Kennith Clark died in 2001 – his funeral was held on the very day of the Sept. 11 attacks. Isabelle channeled her grief into full-fledged support of all the DCPA’s programs, especially those on the education side. She joined the board of directors in 2007 and served until her retirement earlier this year. In 2018, she made a donation to the renovation of the DCPA Theatre Company’s four theaters, and now a section of the Kilstrom Theatre (formerly The Space) is named in memory of her husband.

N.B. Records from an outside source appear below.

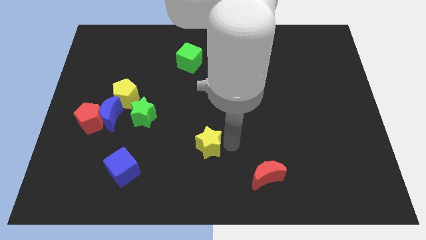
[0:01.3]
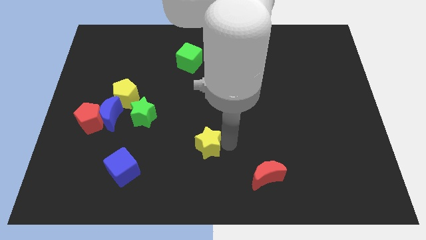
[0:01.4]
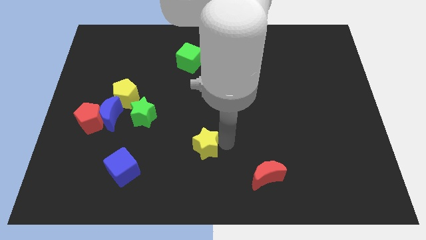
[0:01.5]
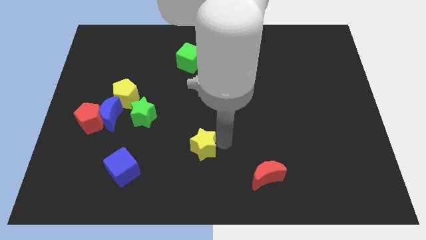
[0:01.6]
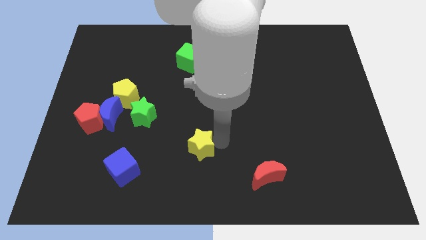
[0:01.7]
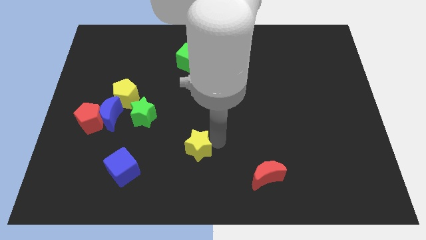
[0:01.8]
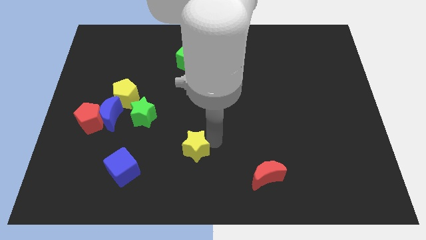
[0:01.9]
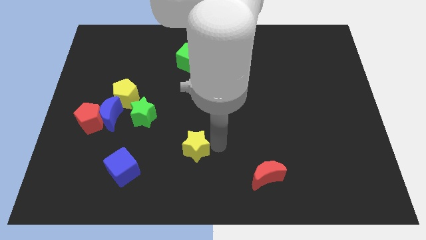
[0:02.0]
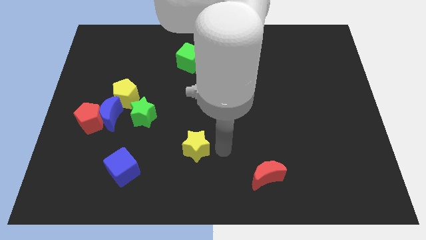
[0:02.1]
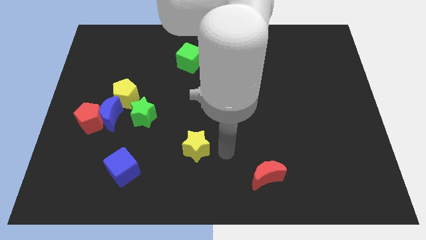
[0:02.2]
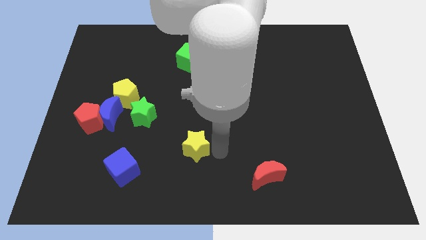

“All these years later, I am so very proud to be a small part of this Tony-winning Theatre Company,” Clark said at the time. Outgoing Chairman Martin Semple observed today that Isabelle “helped the DCPA become a leader in new-play development, a place to foster aspiring theater artists, and a world-class venue in which to produce the best in live theater.”
I’ll miss the texts, the emails, the phone calls and those long lunches. When my job was eliminated by the pandemic, Isabelle was the first person to reach out. When she found out I was in the hospital last year, she found me. Her deep pockets were, to me, the least interesting thing about her.
To cite Shakespeare’s words being spoken each night right now in the theater with a section that bears her husband’s name: “Everyone can master a grief but he that has it.” – ”Much Ado About Nothing”
The life of Isabelle Clark will be celebrated at 10 a.m. on Tuesday, Jan. 24, in the Randy Weeks Conservatory Theatre in the Denver Center’s theater education building at 1101 13th St., Denver, 80203. An advance RSVP is required in order to enter the building.